I see, that the class 'generic_proxy' has gone. What was its intention in Rcpp?


Best

Simon
#
Le 29/09/13 20:36, Simon Zehnder a ?crit :
You don't really need to understand how it is implemented.
I don't think so. These classes implement a proxy pattern. That is 
classic c++ pattern.

In essence, when you have a List and you call its operator[], what you 
get is a generic_proxy. This class's job is to define getters and 
setters in terms of operator= and implicit conversion operators so that 
you can do things like this:

List z ;
RObject x = z[0] ;
z[0] = 2 ;

The proxy classes take care of all the plumbing here.

But again, you should not need to know about this.

  
    
#
Le 29/09/13 20:36, Simon Zehnder a ?crit :
This is not yet my concern. For now I'm focused on developping.
Releasing and supporting windows will come later.

Right now, I'm using clang on OSX to develop.
This has nothing to do with C++11. It is just that I fixed this issue in 
Rcpp11 and while I was there I let people know how to fix it in Rcpp. I 
might do it myself, but I might also forget to do it.

  
    
#
Hi Romain,

thanks for the quick explanation of the idea behind the generic_proxy! - In addition, I am very glad, I do not have to understand everything what is going on under the hood. So I can concentrate on what I can do with it! 

Best

Simon
On Sep 29, 2013, at 8:46 PM, Romain Francois <romain at r-enthusiasts.com> wrote:

            
#
Hi Dirk,

this is where I took the idea from. The fasttime package works with delimited date patterns, which we often do not have. We have rather something like: 20130405 instead of 2013-04-05 (and I don't want to start with manipulating data in perl or python before reading it into R; this gets usually messy). WIthout a delimiter the code in fasttime does not work. I use the basic principle of Simon's code and extend it to undelimited date patterns with four year digits and two year digits; but using Rcpp instead of the C and the SEXPs.
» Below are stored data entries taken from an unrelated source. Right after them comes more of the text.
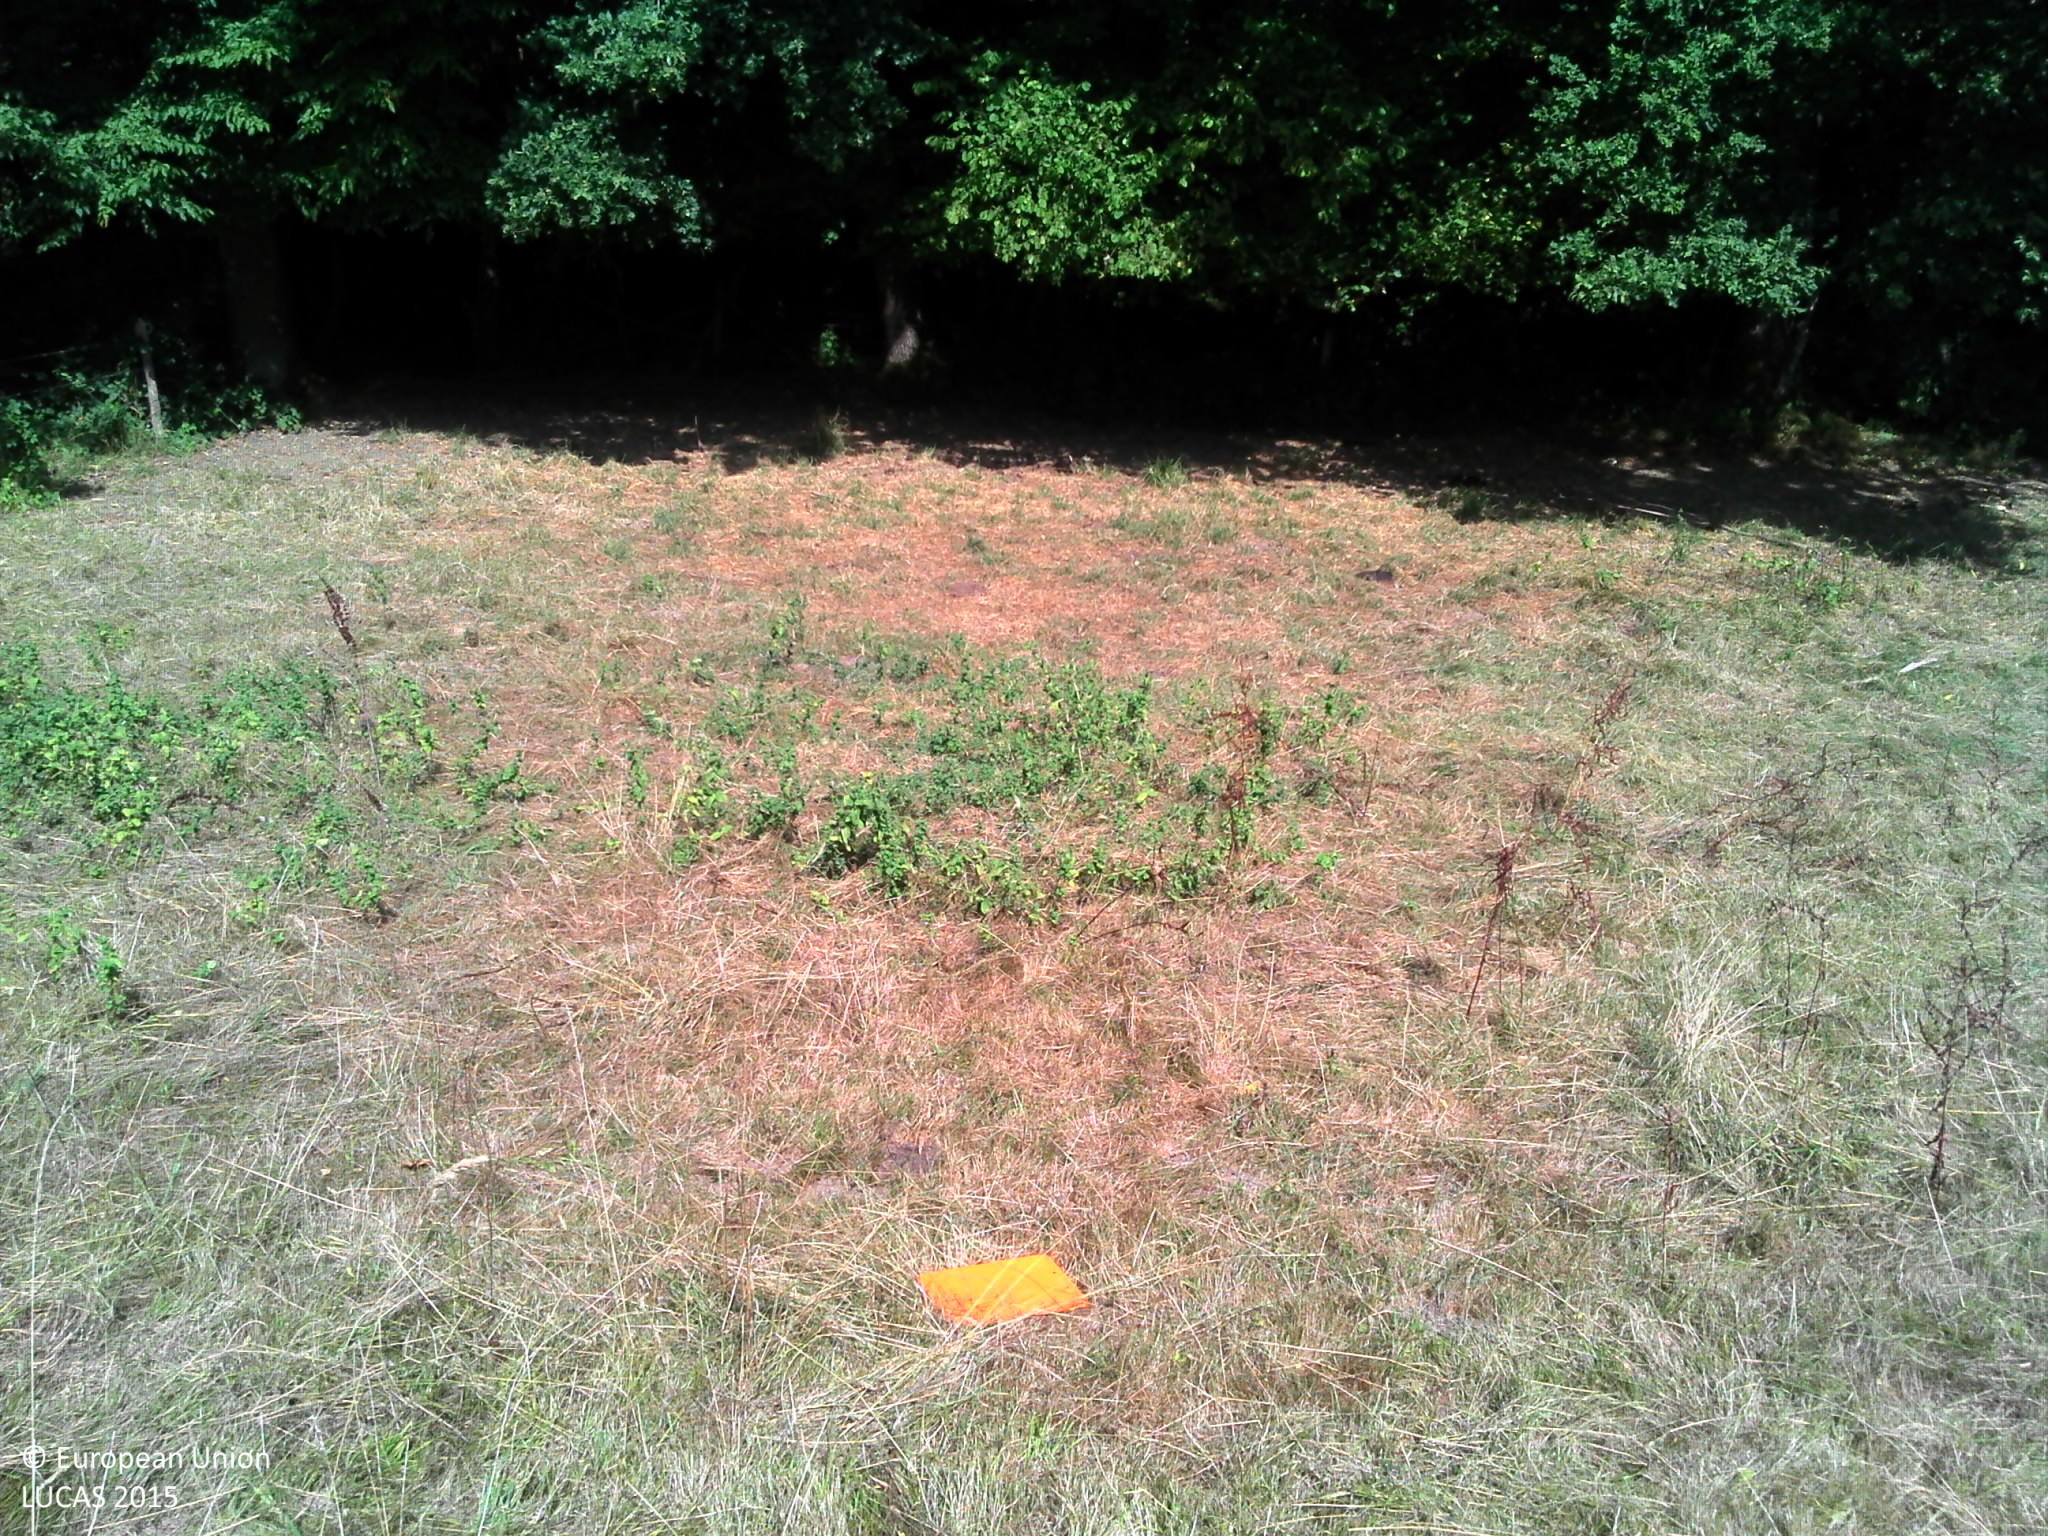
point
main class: Grassland
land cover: Grassland without tree/shrub cover
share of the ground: > 75 %
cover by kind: herbaceous plants 100 %
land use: Agriculture (excluding fallow land and kitchen gardens)
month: August
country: FR
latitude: 45.3987
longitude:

I see though, that the Date::mktime00 function does something very similar ? 

Does it even make sense to think about working with POSIXct in Rcpp or is this task already completed/unnecessary?


Best

Simon
On Sep 29, 2013, at 8:49 PM, Dirk Eddelbuettel <edd at debian.org> wrote:

            
#
Hi Romain,
On Sep 29, 2013, at 8:51 PM, Romain Francois <romain at r-enthusiasts.com> wrote:

            
Me too, and I can use it :)
Nice. This then should work on the Windows machines, too. Cool!